Despite the increasing number of studies using photo-elicitation for data collection in qualitative research, there is a need to further explore its use among families of children and adolescents living with chronic illness.
The aim of this study was to discuss methodological and pragmatic considerations about the use of photo-elicitation interviews (PEIs) for data collection with families of children and adolescents living with chronic illness.
We discussed methodological aspects of using PEIs as reported in publications. A search of the literature was carried out to identify articles presenting information on methodological aspects of the use of PEIs in qualitative data collection, regardless of age group. In pursuit of complementing the evidence with pragmatic considerations of using PEIs, we illustrate with an example of a recent qualitative study of our own that aimed to understand the narratives about hope of families of children and adolescents living with chronic illness.

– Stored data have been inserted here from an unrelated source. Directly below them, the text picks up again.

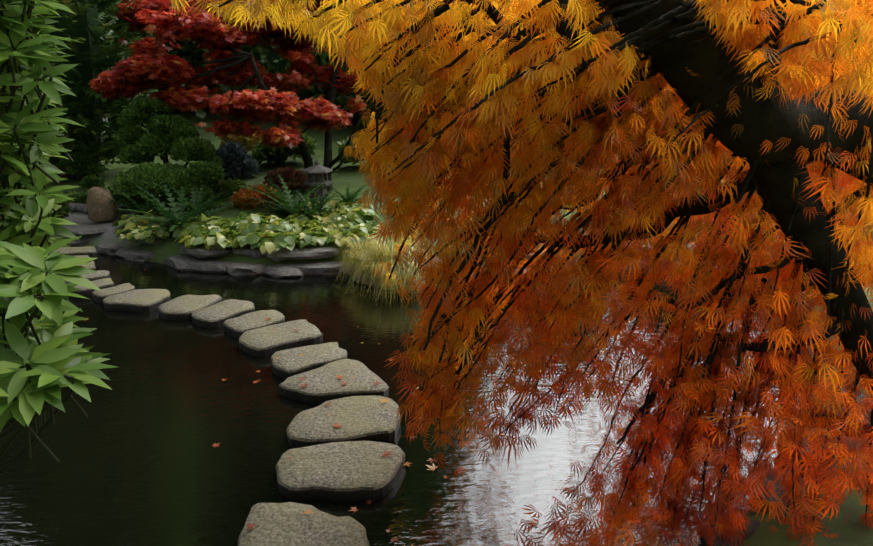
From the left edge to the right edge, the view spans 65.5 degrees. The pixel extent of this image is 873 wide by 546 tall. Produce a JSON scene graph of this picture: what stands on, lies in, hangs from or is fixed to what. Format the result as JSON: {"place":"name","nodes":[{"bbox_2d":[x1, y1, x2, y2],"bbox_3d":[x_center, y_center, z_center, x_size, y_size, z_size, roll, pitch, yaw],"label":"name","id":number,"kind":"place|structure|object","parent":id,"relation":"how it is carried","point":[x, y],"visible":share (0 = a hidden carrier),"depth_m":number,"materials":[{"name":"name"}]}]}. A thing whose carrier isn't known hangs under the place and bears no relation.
{"place":"outdoors","nodes":[
{"label":"outdoors","id":0,"kind":"place"},
{"bbox_2d":[0,0,116,474],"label":"leafy shrub","id":1,"kind":"object","parent":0,"point":[54,355],"depth_m":2.13,"materials":[{"name":"green plant"}]},
{"bbox_2d":[97,0,197,96],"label":"tree","id":2,"kind":"object","parent":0,"point":[100,4],"visible":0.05,"depth_m":18.50,"materials":[{"name":"plant"}]},
{"bbox_2d":[0,253,865,545],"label":"pond water","id":3,"kind":"structure","parent":0,"point":[142,459],"depth_m":4.52,"materials":[{"name":"black liquid"}]},
{"bbox_2d":[21,75,872,545],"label":"terrain","id":4,"kind":"structure","parent":0,"point":[855,531],"depth_m":9.51,"materials":[{"name":"green plant"}]},
{"bbox_2d":[50,193,71,218],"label":"dark round shrub","id":5,"kind":"object","parent":4,"relation":"on","point":[64,210],"visible":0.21,"depth_m":9.66,"materials":[{"name":"green plant"}]},
{"bbox_2d":[50,145,74,178],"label":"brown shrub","id":6,"kind":"object","parent":4,"relation":"on","point":[65,176],"visible":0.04,"depth_m":12.22,"materials":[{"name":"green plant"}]},
{"bbox_2d":[36,0,102,157],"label":"column cypress","id":7,"kind":"object","parent":4,"relation":"on","point":[85,67],"visible":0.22,"depth_m":11.58,"materials":[{"name":"green plant"}]},
{"bbox_2d":[61,189,87,203],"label":"shrub","id":8,"kind":"object","parent":4,"relation":"on","point":[80,197],"visible":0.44,"depth_m":10.61,"materials":[{"name":"green plant"}]},
{"bbox_2d":[56,102,104,187],"bbox_3d":[-6.169,-2.180,11.753,0.700,1.577,1.158,-12,20,-33],"label":"conifer shrub","id":9,"kind":"object","parent":4,"relation":"on","point":[87,180],"depth_m":11.66,"materials":[{"name":"green plant"}]},
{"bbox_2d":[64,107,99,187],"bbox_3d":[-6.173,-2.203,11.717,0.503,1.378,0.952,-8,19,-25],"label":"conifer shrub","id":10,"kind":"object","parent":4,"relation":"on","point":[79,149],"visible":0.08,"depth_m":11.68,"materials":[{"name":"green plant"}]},
{"bbox_2d":[37,0,158,180],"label":"conifer tree","id":11,"kind":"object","parent":4,"relation":"on","point":[110,147],"depth_m":11.48,"materials":[{"name":"green plant"}]},
{"bbox_2d":[86,186,115,221],"bbox_3d":[-4.817,-0.995,9.777,0.383,0.510,0.318,0,17,-1],"label":"standing stone","id":12,"kind":"object","parent":4,"relation":"on","point":[100,204],"visible":1,"depth_m":9.67,"materials":[{"name":"brown stone"}]},
{"bbox_2d":[108,96,225,207],"bbox_3d":[-4.038,-1.703,10.138,1.721,1.755,1.446,0,17,-1],"label":"shrub","id":13,"kind":"object","parent":4,"relation":"on","point":[176,175],"depth_m":10.13,"materials":[{"name":"green plant"}]},
{"bbox_2d":[104,177,246,200],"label":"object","id":14,"kind":"object","parent":4,"relation":"on","point":[234,185],"visible":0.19,"depth_m":10.83,"materials":[{"name":"green plant"}]},
{"bbox_2d":[97,0,259,121],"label":"tree","id":15,"kind":"object","parent":4,"relation":"on","point":[201,113],"visible":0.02,"depth_m":17.55,"materials":[{"name":"green plant"}]},
{"bbox_2d":[177,0,243,86],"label":"tree","id":16,"kind":"object","parent":4,"relation":"on","point":[188,49],"depth_m":19.24,"materials":[{"name":"green plant"}]},
{"bbox_2d":[161,4,263,115],"bbox_3d":[-5.013,-10.321,19.696,7.837,11.317,7.731,0,17,-1],"label":"tree","id":17,"kind":"object","parent":4,"relation":"on","point":[182,43],"visible":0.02,"depth_m":18.76,"materials":[{"name":"green plant"}]},
{"bbox_2d":[51,246,404,545],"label":"stepping stones","id":18,"kind":"object","parent":4,"relation":"on","point":[347,461],"visible":0.79,"depth_m":4.75,"materials":[{"name":"stone"}]},
{"bbox_2d":[214,140,259,178],"bbox_3d":[-3.750,-2.084,12.466,1.042,0.702,0.753,0,17,-1],"label":"blue spruce shrub","id":19,"kind":"object","parent":4,"relation":"on","point":[241,163],"visible":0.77,"depth_m":12.29,"materials":[{"name":"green plant"}]},
{"bbox_2d":[216,123,262,150],"bbox_3d":[-3.901,-2.791,13.956,1.270,0.669,0.797,0,17,-1],"label":"golden shrub","id":20,"kind":"object","parent":4,"relation":"on","point":[247,142],"visible":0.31,"depth_m":13.74,"materials":[{"name":"plant"}]},
{"bbox_2d":[110,174,369,244],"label":"ferns","id":21,"kind":"object","parent":4,"relation":"on","point":[197,208],"visible":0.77,"depth_m":9.66,"materials":[{"name":"green plant"}]},
{"bbox_2d":[90,0,402,190],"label":"red maple","id":22,"kind":"object","parent":4,"relation":"on","point":[147,64],"depth_m":10.50,"materials":[{"name":"red plant"}]},
{"bbox_2d":[112,199,382,253],"bbox_3d":[-2.556,-0.624,9.095,3.662,0.376,2.276,-4,17,-12],"label":"hosta bed","id":23,"kind":"object","parent":4,"relation":"on","point":[269,234],"visible":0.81,"depth_m":8.83,"materials":[{"name":"green plant"}]},
{"bbox_2d":[230,183,278,208],"bbox_3d":[-2.717,-1.153,10.286,0.770,0.402,0.700,-12,21,-34],"label":"shrub","id":24,"kind":"object","parent":4,"relation":"on","point":[242,194],"visible":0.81,"depth_m":10.14,"materials":[{"name":"orange plant"}]},
{"bbox_2d":[264,147,297,160],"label":"shrub","id":25,"kind":"object","parent":4,"relation":"on","point":[290,153],"visible":0.08,"depth_m":13.01,"materials":[{"name":"green plant"}]},
{"bbox_2d":[251,132,317,165],"bbox_3d":[-2.952,-2.465,13.186,1.311,0.712,0.918,0,17,-1],"label":"shrub","id":26,"kind":"object","parent":4,"relation":"on","point":[278,155],"visible":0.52,"depth_m":12.99,"materials":[{"name":"green plant"}]},
{"bbox_2d":[263,166,311,191],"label":"russet shrub","id":27,"kind":"object","parent":4,"relation":"on","point":[298,176],"visible":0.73,"depth_m":10.94,"materials":[{"name":"red plant"}]},
{"bbox_2d":[301,159,332,203],"bbox_3d":[-1.812,-1.370,10.371,0.466,0.730,0.452,0,17,-1],"label":"stone lantern","id":28,"kind":"object","parent":4,"relation":"on","point":[316,171],"visible":0.77,"depth_m":10.26,"materials":[{"name":"grey stone"}]},
{"bbox_2d":[76,269,607,545],"bbox_3d":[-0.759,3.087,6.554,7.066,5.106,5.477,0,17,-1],"label":"fallen maple leaves","id":29,"kind":"object","parent":4,"relation":"on","point":[384,454],"visible":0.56,"depth_m":4.32,"materials":[{"name":"orange plant"}]},
{"bbox_2d":[336,136,395,170],"bbox_3d":[-1.267,-2.040,12.661,1.564,1.024,0.980,0,17,-1],"label":"shrub","id":30,"kind":"object","parent":4,"relation":"on","point":[342,144],"visible":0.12,"depth_m":12.38,"materials":[{"name":"green plant"}]},
{"bbox_2d":[331,230,441,304],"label":"hakone grass","id":31,"kind":"object","parent":4,"relation":"on","point":[373,256],"depth_m":7.60,"materials":[{"name":"yellow plant"}]},
{"bbox_2d":[51,203,751,287],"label":"bank rocks","id":32,"kind":"object","parent":4,"relation":"on","point":[195,260],"visible":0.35,"depth_m":8.36,"materials":[{"name":"grey stone"}]},
{"bbox_2d":[171,0,872,545],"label":"weeping maple","id":33,"kind":"object","parent":4,"relation":"on","point":[609,68],"depth_m":2.90,"materials":[{"name":"orange plant"}]},
{"bbox_2d":[217,0,872,545],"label":"maple leaves","id":34,"kind":"object","parent":33,"relation":"attached to","point":[825,474],"visible":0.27,"depth_m":2.61,"materials":[{"name":"orange plant"}]},
{"bbox_2d":[240,0,872,119],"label":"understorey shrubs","id":35,"kind":"object","parent":4,"relation":"on","point":[321,59],"depth_m":16.66,"materials":[{"name":"plant"}]},
{"bbox_2d":[264,3,871,125],"bbox_3d":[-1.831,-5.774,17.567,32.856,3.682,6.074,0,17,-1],"label":"tree","id":36,"kind":"object","parent":4,"relation":"on","point":[302,94],"depth_m":17.16,"materials":[{"name":"black plant"}]},
{"bbox_2d":[699,337,872,545],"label":"maple leaves","id":37,"kind":"object","parent":4,"relation":"on","point":[753,525],"visible":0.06,"depth_m":3.93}
]}

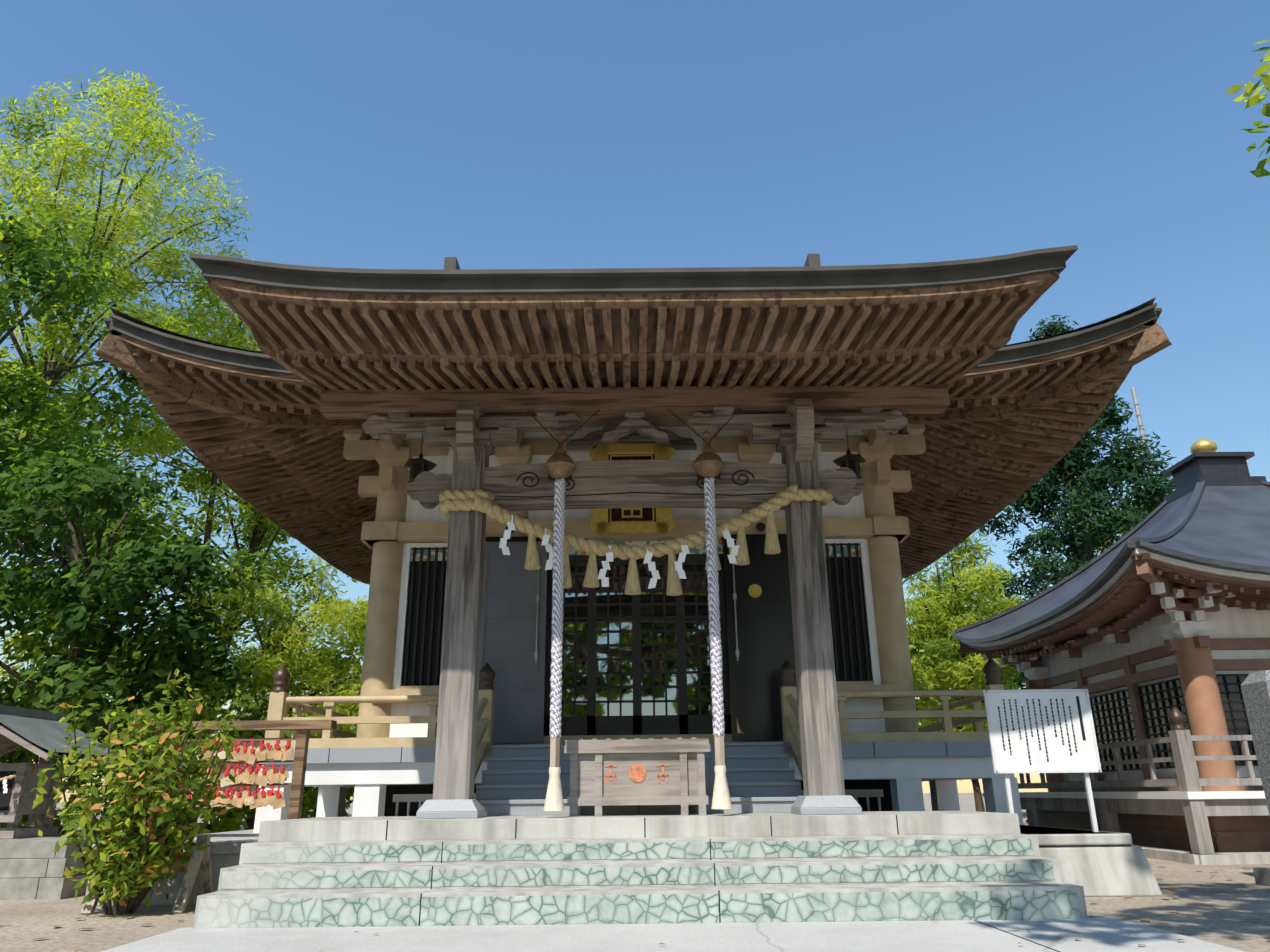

We synthesized common aspects that need to be considered when using PEIs with different populations: ethical issues, cameras, guidance, and interviews. We also presented our experience of using the PEI technique to collect data from families. Because of our experience, we denominate our method as the “family photo-elicitation interview” (FPEI). Our method goes beyond the PEI technique because it integrates aspects of family nursing theories when conducting interviews with families. FPEIs strengthen family interaction and allow family members to share their perspectives.
We present a new perspective of PEIs-the FPEI-in the pediatric context. Previous studies have not addressed considerations about using PEIs for families. We hope our results assist novice researchers in planning and implementing FPEIs in qualitative research. We recommend that researchers explore the use of FPEIs in other contexts, such as geriatrics or palliative care.